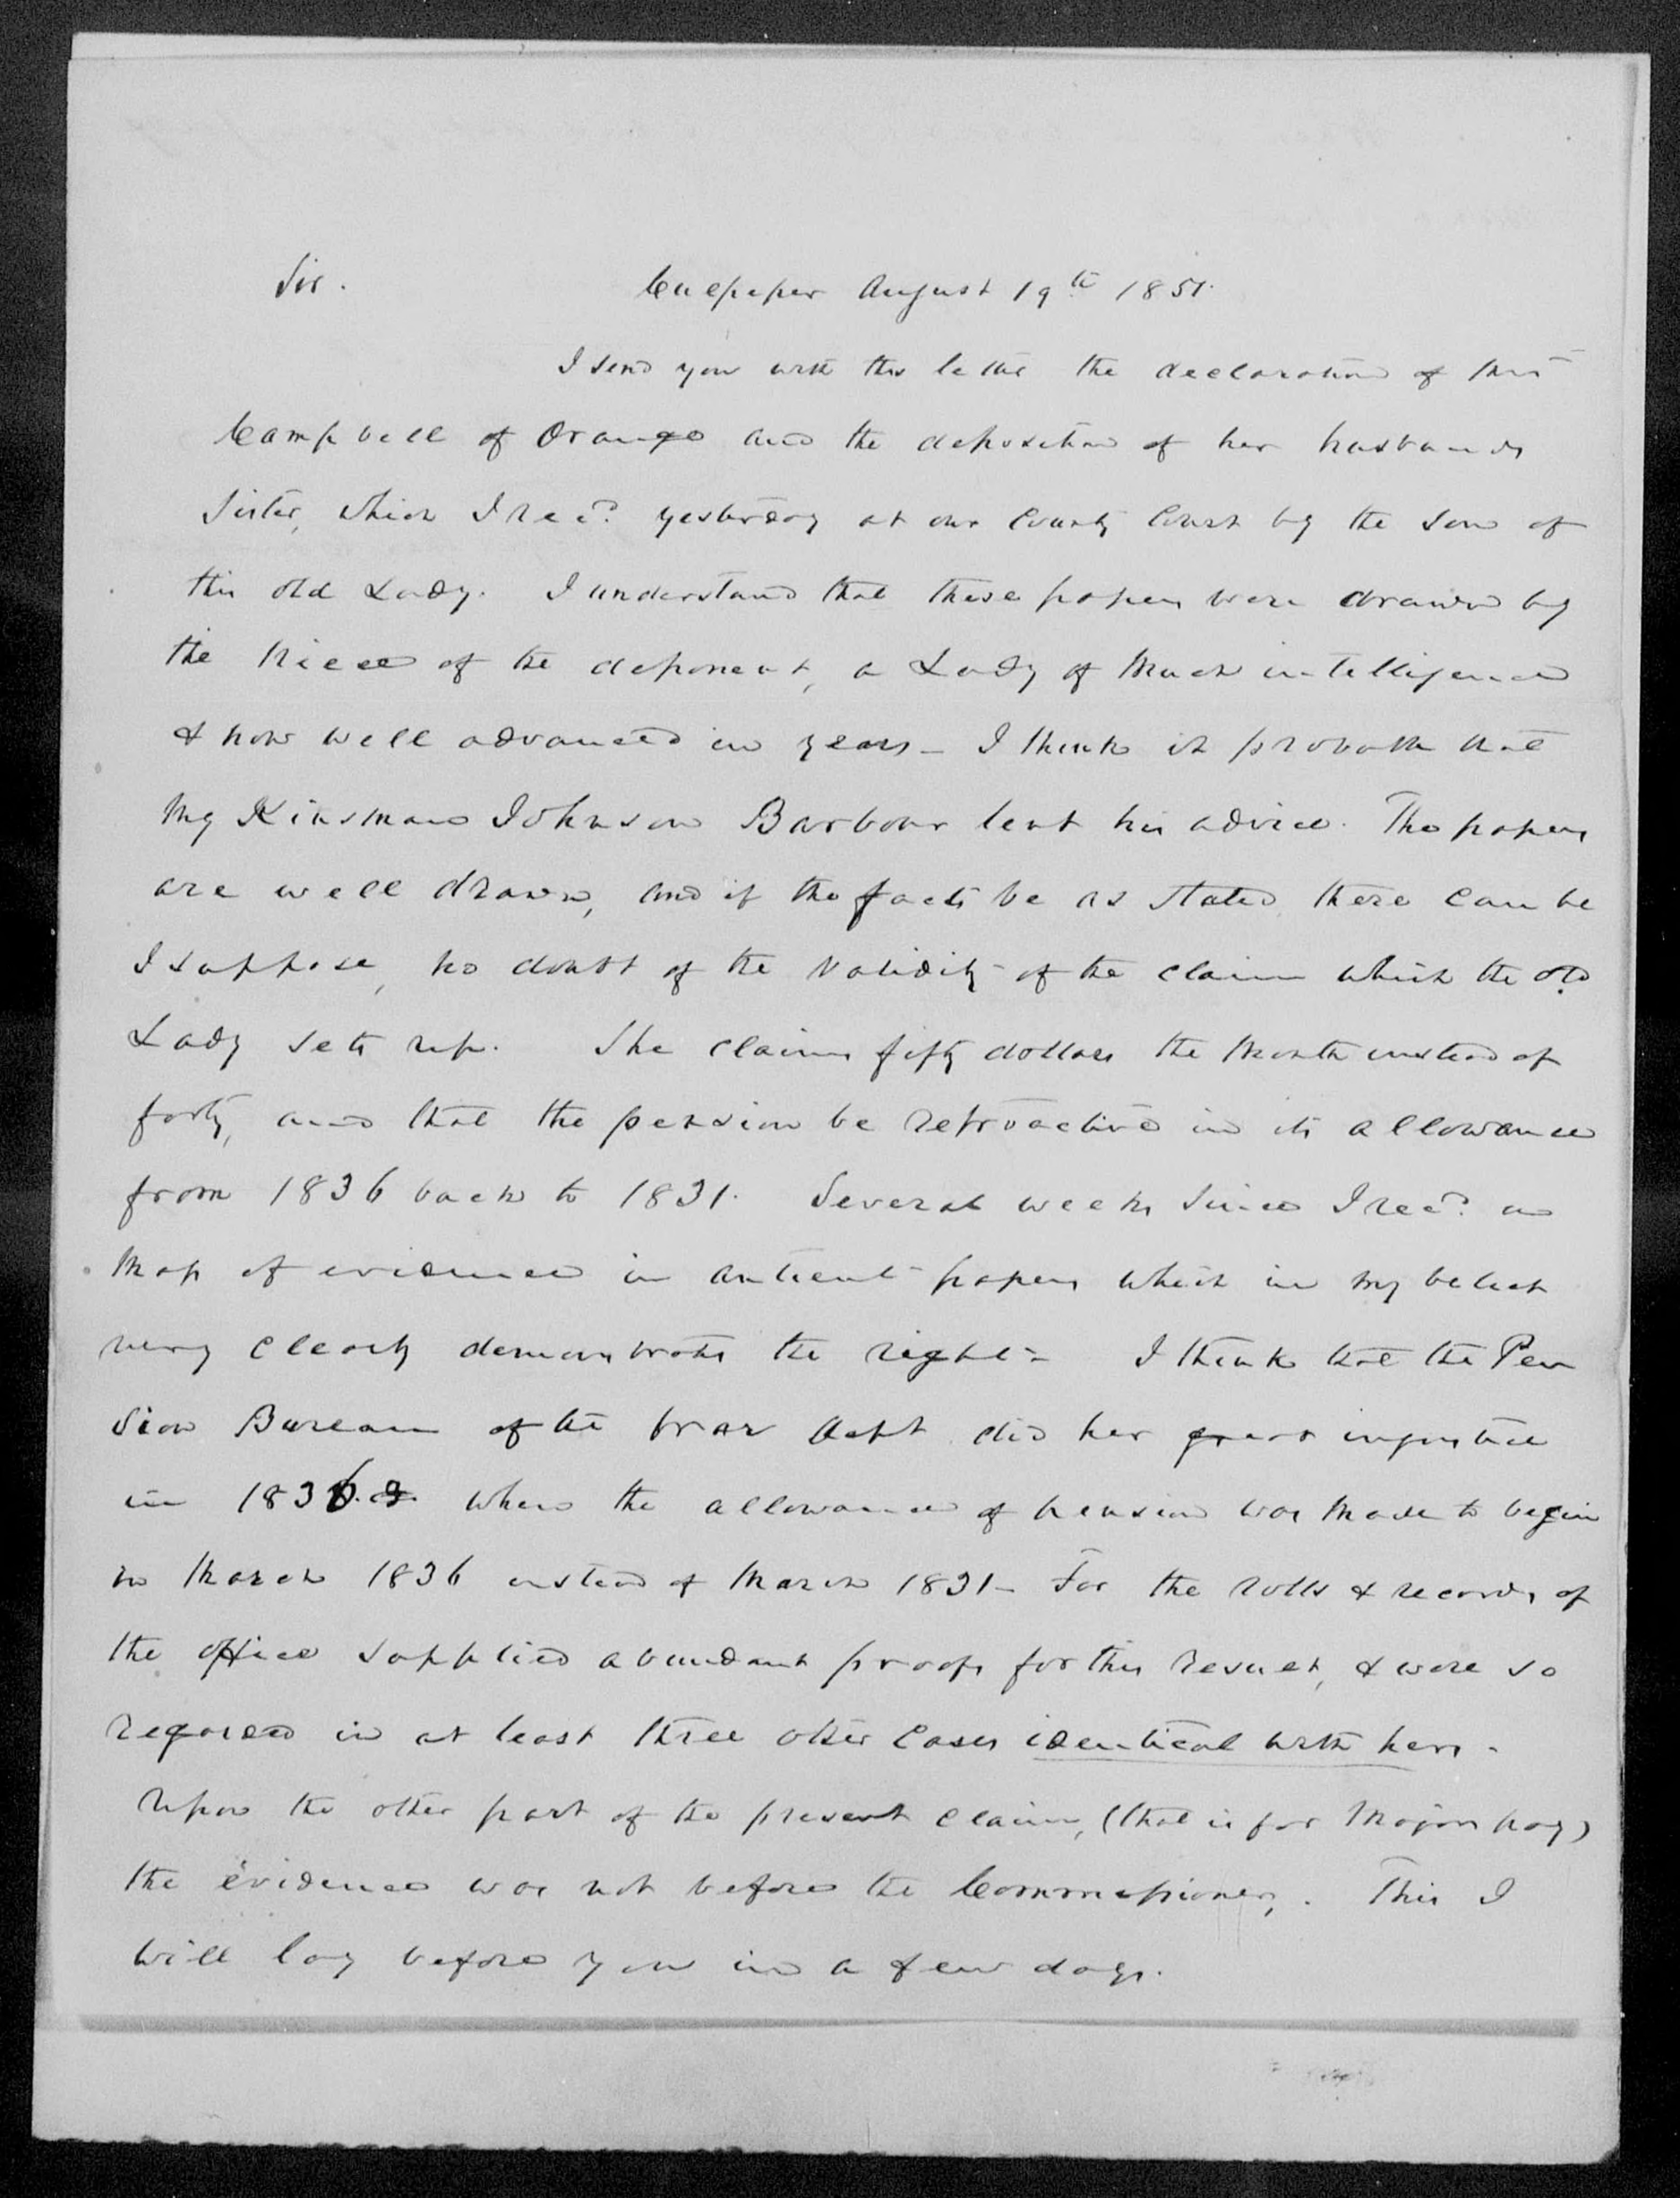Culpeper August 19th 1857

Sir.
I send you with this letter the declaration of Mrs. Campbell or Orange and the deposition of her husband's sister, which I rec'd yesterday at our county court by the son of this old lady.  I understand that these papers were drawn by the niece of the deponent, a lady of much intelligence & now well advanced in years.  I think it is probable that my kinsman Johnson Barbour lent his advice.  The papers are well drawn, and if the facts be as stated, there can be I support, no doubt of the validity of the claim which the old lady sets out.  She claims fifty dollars the month instead of forty, and that the pension be retroactive in its allowance from 1836 back to 1831.  Several weeks since I rec'd a map of evidence in ancient papers, which in my belief very clearly demonstrates the right.  I think that the Pension Bureau of the War Dept. did her great injustice in 1836 when the allowance of pension was made to begin in March 1836 instead of March 1831.  For the roles & record of the office supplied abundant proofs for this result & were so recorded in at least three other cases identical with hers.  Upon the other part of the present claim,  (that is for   [illegible] pay) the evidence was not before the Commissioner.  this i will lay before you in a few days.

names: Johnson Barbour, Campbell
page: 202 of 267
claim: widow's
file: W. 4,149, William Campbell, Va.

------------------------------------

Within the lines above, find those holding the word "Campbell" and copy them.

- Written solution:
I send you with this letter the declaration of Mrs. Campbell or Orange and the deposition of her husband's sister, which I rec'd yesterday at our county court by the son of this old lady.  I understand that these papers were drawn by the niece of the deponent, a lady of much intelligence & now well advanced in years.  I think it is probable that my kinsman Johnson Barbour lent his advice.  The papers are well drawn, and if the facts be as stated, there can be I support, no doubt of the validity of the claim which the old lady sets out.  She claims fifty dollars the month instead of forty, and that the pension be retroactive in its allowance from 1836 back to 1831.  Several weeks since I rec'd a map of evidence in ancient papers, which in my belief very clearly demonstrates the right.  I think that the Pension Bureau of the War Dept. did her great injustice in 1836 when the allowance of pension was made to begin in March 1836 instead of March 1831.  For the roles & record of the office supplied abundant proofs for this result & were so recorded in at least three other cases identical with hers.  Upon the other part of the present claim,  (that is for   [illegible] pay) the evidence was not before the Commissioner.  this i will lay before you in a few days.
names: Johnson Barbour, Campbell
file: W. 4,149, William Campbell, Va.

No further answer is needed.